**EXERCISE BRIEF**
Give a verbatim copy of the lines below, minus the pictures.

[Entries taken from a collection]
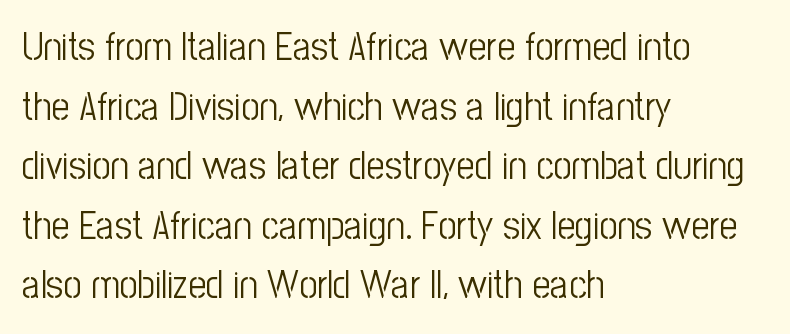
{"serif": "no", "italic": "no", "bold": "no", "weight": "light", "width": "condensed", "stroke_contrast": "low", "x_height": "medium", "monospaced": "no", "underline": "no", "align": "left", "line_spacing": "normal", "line_spacing_ratio": 1.49, "letter_spacing": "normal", "letter_spacing_em": 0.0, "glyph_px": 40}
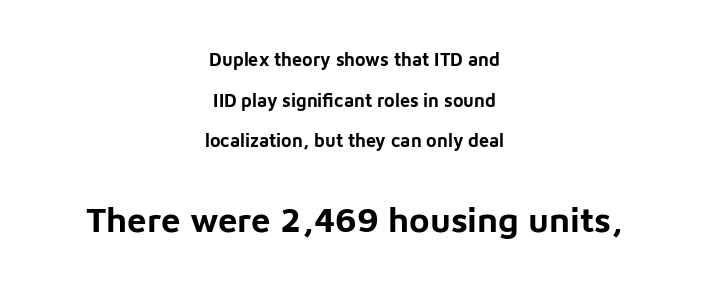
{"serif": "no", "italic": "no", "bold": "yes", "weight": "bold", "width": "normal", "stroke_contrast": "low", "x_height": "medium", "monospaced": "no", "underline": "no", "align": "center", "line_spacing": "loose", "line_spacing_ratio": 2.26, "letter_spacing": "normal", "letter_spacing_em": 0.0, "larger_block": "second", "size_ratio": 1.94, "glyph_px": 35}
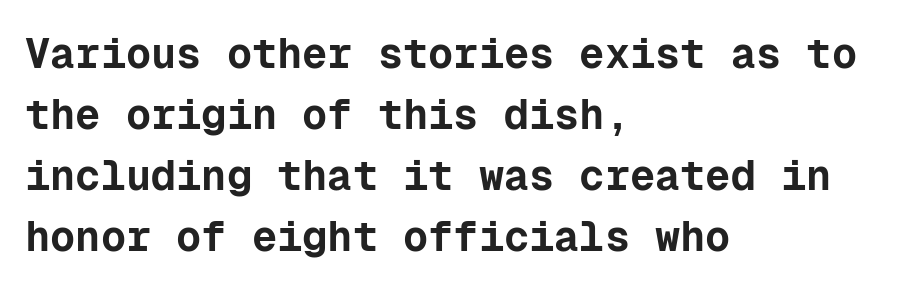
{"serif": "no", "italic": "no", "bold": "yes", "weight": "bold", "width": "normal", "stroke_contrast": "low", "x_height": "medium", "monospaced": "yes", "underline": "no", "align": "left", "line_spacing": "normal", "line_spacing_ratio": 1.45, "letter_spacing": "normal", "letter_spacing_em": 0.0, "glyph_px": 42}
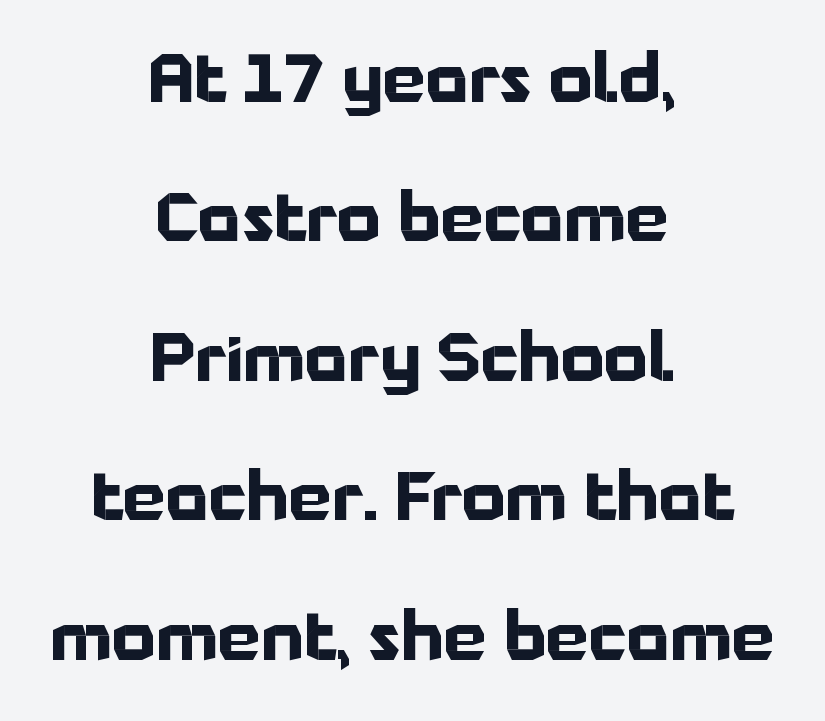
Look at the tracking — it's just the regular setting, nothing added. Regarding serifs, this sample does without them. Descender tails drop into unmarked territory. Posture: vertical.
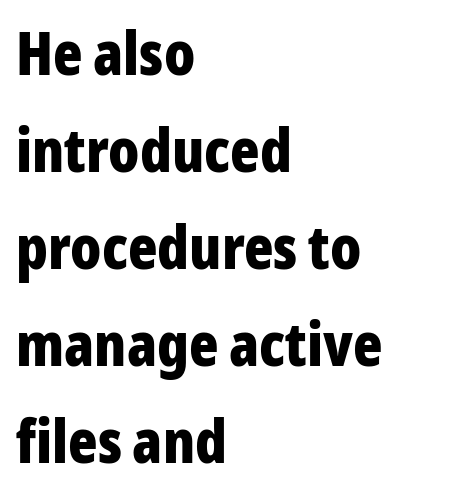
The image shows 61 px bold, condensed sans-serif type, upright; set left-aligned, normal line spacing (1.59x), normal letter spacing, not underlined; low stroke contrast and a medium x-height.
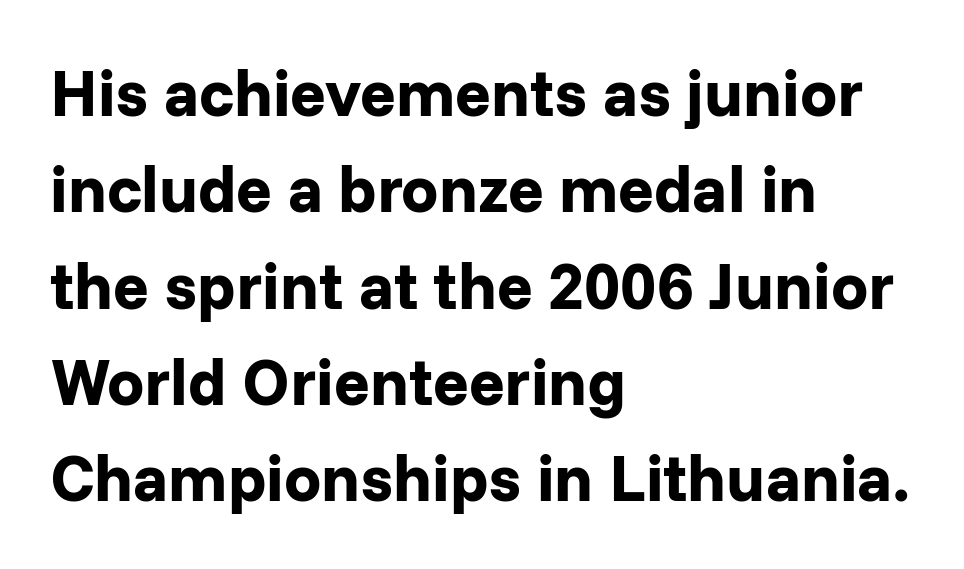
Q: Is the text bold? A: Yes.
Q: Is the text italic (slanted)? A: No, it is upright.
Q: Is the typeface a serif or a sans-serif typeface? A: Sans-serif.
Q: Is the text underlined? A: No.
Q: How is the paragraph aligned? A: Left-aligned.
Q: Is the spacing between letters normal or unusually wide? A: Normal.
Q: Is the spacing between lines tight, normal or loose? A: Normal.
Q: Width (condensed, normal, or wide)? A: Normal.
Q: Stroke contrast? A: Low.
Q: x-height? A: Medium.
Q: Monospaced? A: No.
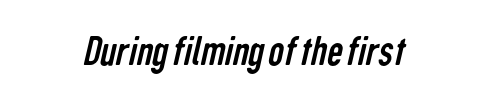
Q: Is the text bold? A: No.
Q: Is the typeface a serif or a sans-serif typeface? A: Sans-serif.
Q: Is the text underlined? A: No.
Q: Is the spacing between letters normal or unusually wide? A: Normal.
Q: Width (condensed, normal, or wide)? A: Condensed.
Q: Stroke contrast? A: Low.
Q: x-height? A: Medium.
Q: Monospaced? A: No.
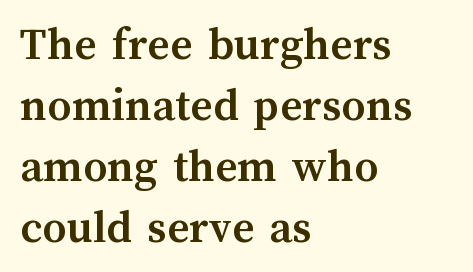
Left-aligned paragraph, ragged on the right. The face used here is proportionally spaced, like ordinary book or web type. Every character sits straight up, as roman type does. Compared with an ordinary text face, these strokes are far heavier — a full bold. Summary of vertical rhythm: regular, with standard interline spacing.
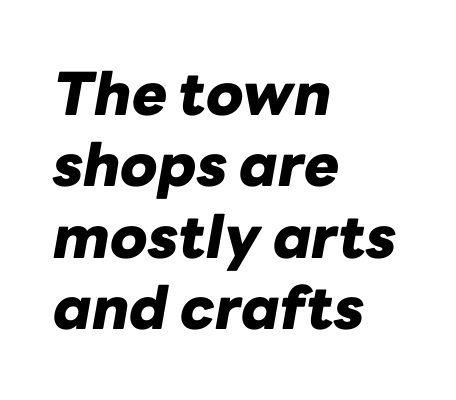
The image shows 59 px heavy type, italic (leaning right); set left-aligned, line spacing 1.21x, normal letter spacing, not underlined; low stroke contrast and a medium x-height.
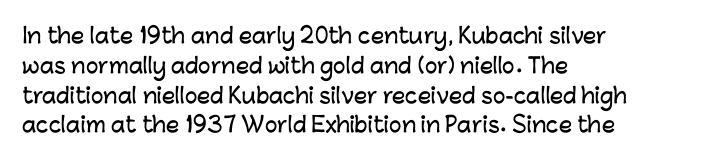
{"italic": "no", "underline": "no", "align": "left", "line_spacing": "normal", "line_spacing_ratio": 1.42, "letter_spacing": "normal", "letter_spacing_em": 0.0, "glyph_px": 21}
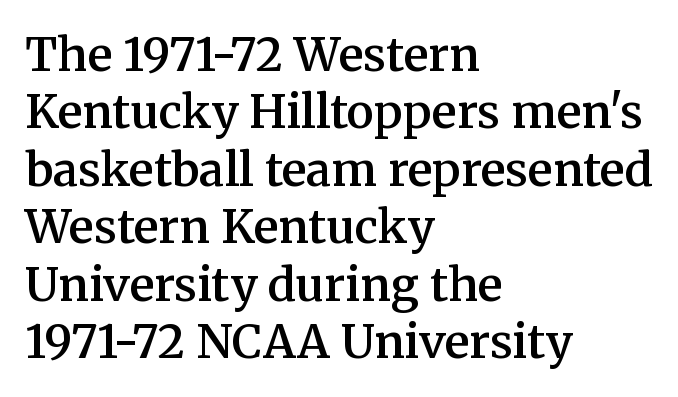
{"serif": "yes", "italic": "no", "bold": "semi", "weight": "semibold", "width": "normal", "stroke_contrast": "medium", "x_height": "medium", "monospaced": "no", "underline": "no", "align": "left", "line_spacing": "normal", "line_spacing_ratio": 1.25, "letter_spacing": "normal", "letter_spacing_em": 0.0, "glyph_px": 46}
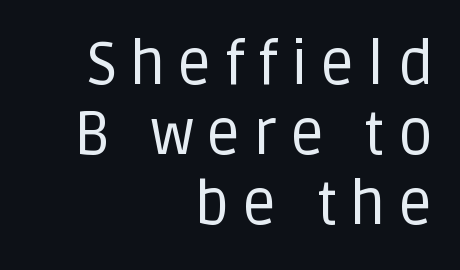
In terms of posture, this sample is upright. The passage shown is typed in a proportional face where columns would drift. The passage shown is typeset with a sans-serif family. Descenders hang freely into open space. Which margin do the lines hug? The right one — the left edge is uneven. The face looks like a standard text weight, possibly lighter.
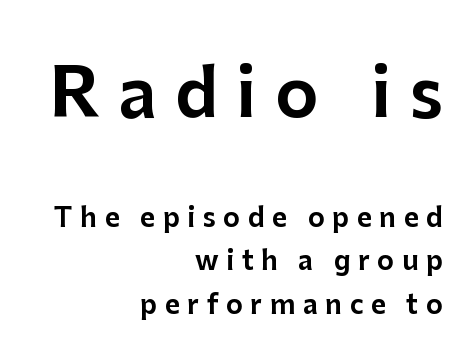
Type size steps down from the first block to the second. The specimen reads as upright at a glance. The text was rendered using a sans face with plain stroke endings. The paragraph has a hard right edge and a soft left edge.

**RESPONSE**
{"serif": "no", "italic": "no", "bold": "no", "weight": "light", "width": "condensed", "stroke_contrast": "low", "x_height": "medium", "monospaced": "no", "underline": "no", "align": "left", "line_spacing": "normal", "line_spacing_ratio": 1.49, "letter_spacing": "normal", "letter_spacing_em": 0.0, "glyph_px": 40}
{"serif": "no", "italic": "no", "bold": "yes", "weight": "bold", "width": "normal", "stroke_contrast": "low", "x_height": "medium", "monospaced": "no", "underline": "no", "align": "center", "line_spacing": "loose", "line_spacing_ratio": 2.26, "letter_spacing": "normal", "letter_spacing_em": 0.0, "larger_block": "second", "size_ratio": 1.94, "glyph_px": 35}
{"serif": "no", "italic": "no", "bold": "yes", "weight": "bold", "width": "normal", "stroke_contrast": "low", "x_height": "medium", "monospaced": "yes", "underline": "no", "align": "left", "line_spacing": "normal", "line_spacing_ratio": 1.45, "letter_spacing": "normal", "letter_spacing_em": 0.0, "glyph_px": 42}
Look at the tracking — it's just the regular setting, nothing added. Regarding serifs, this sample does without them. Descender tails drop into unmarked territory. Posture: vertical.
The image shows 61 px bold, condensed sans-serif type, upright; set left-aligned, normal line spacing (1.59x), normal letter spacing, not underlined; low stroke contrast and a medium x-height.
Q: Is the text bold? A: Yes.
Q: Is the text italic (slanted)? A: No, it is upright.
Q: Is the typeface a serif or a sans-serif typeface? A: Sans-serif.
Q: Is the text underlined? A: No.
Q: How is the paragraph aligned? A: Left-aligned.
Q: Is the spacing between letters normal or unusually wide? A: Normal.
Q: Is the spacing between lines tight, normal or loose? A: Normal.
Q: Width (condensed, normal, or wide)? A: Normal.
Q: Stroke contrast? A: Low.
Q: x-height? A: Medium.
Q: Monospaced? A: No.
Q: Is the text bold? A: No.
Q: Is the typeface a serif or a sans-serif typeface? A: Sans-serif.
Q: Is the text underlined? A: No.
Q: Is the spacing between letters normal or unusually wide? A: Normal.
Q: Width (condensed, normal, or wide)? A: Condensed.
Q: Stroke contrast? A: Low.
Q: x-height? A: Medium.
Q: Monospaced? A: No.
Left-aligned paragraph, ragged on the right. The face used here is proportionally spaced, like ordinary book or web type. Every character sits straight up, as roman type does. Compared with an ordinary text face, these strokes are far heavier — a full bold. Summary of vertical rhythm: regular, with standard interline spacing.
The image shows 59 px heavy type, italic (leaning right); set left-aligned, line spacing 1.21x, normal letter spacing, not underlined; low stroke contrast and a medium x-height.
{"italic": "no", "underline": "no", "align": "left", "line_spacing": "normal", "line_spacing_ratio": 1.42, "letter_spacing": "normal", "letter_spacing_em": 0.0, "glyph_px": 21}
{"serif": "yes", "italic": "no", "bold": "semi", "weight": "semibold", "width": "normal", "stroke_contrast": "medium", "x_height": "medium", "monospaced": "no", "underline": "no", "align": "left", "line_spacing": "normal", "line_spacing_ratio": 1.25, "letter_spacing": "normal", "letter_spacing_em": 0.0, "glyph_px": 46}
In terms of posture, this sample is upright. The passage shown is typed in a proportional face where columns would drift. The passage shown is typeset with a sans-serif family. Descenders hang freely into open space. Which margin do the lines hug? The right one — the left edge is uneven. The face looks like a standard text weight, possibly lighter.
Type size steps down from the first block to the second. The specimen reads as upright at a glance. The text was rendered using a sans face with plain stroke endings. The paragraph has a hard right edge and a soft left edge.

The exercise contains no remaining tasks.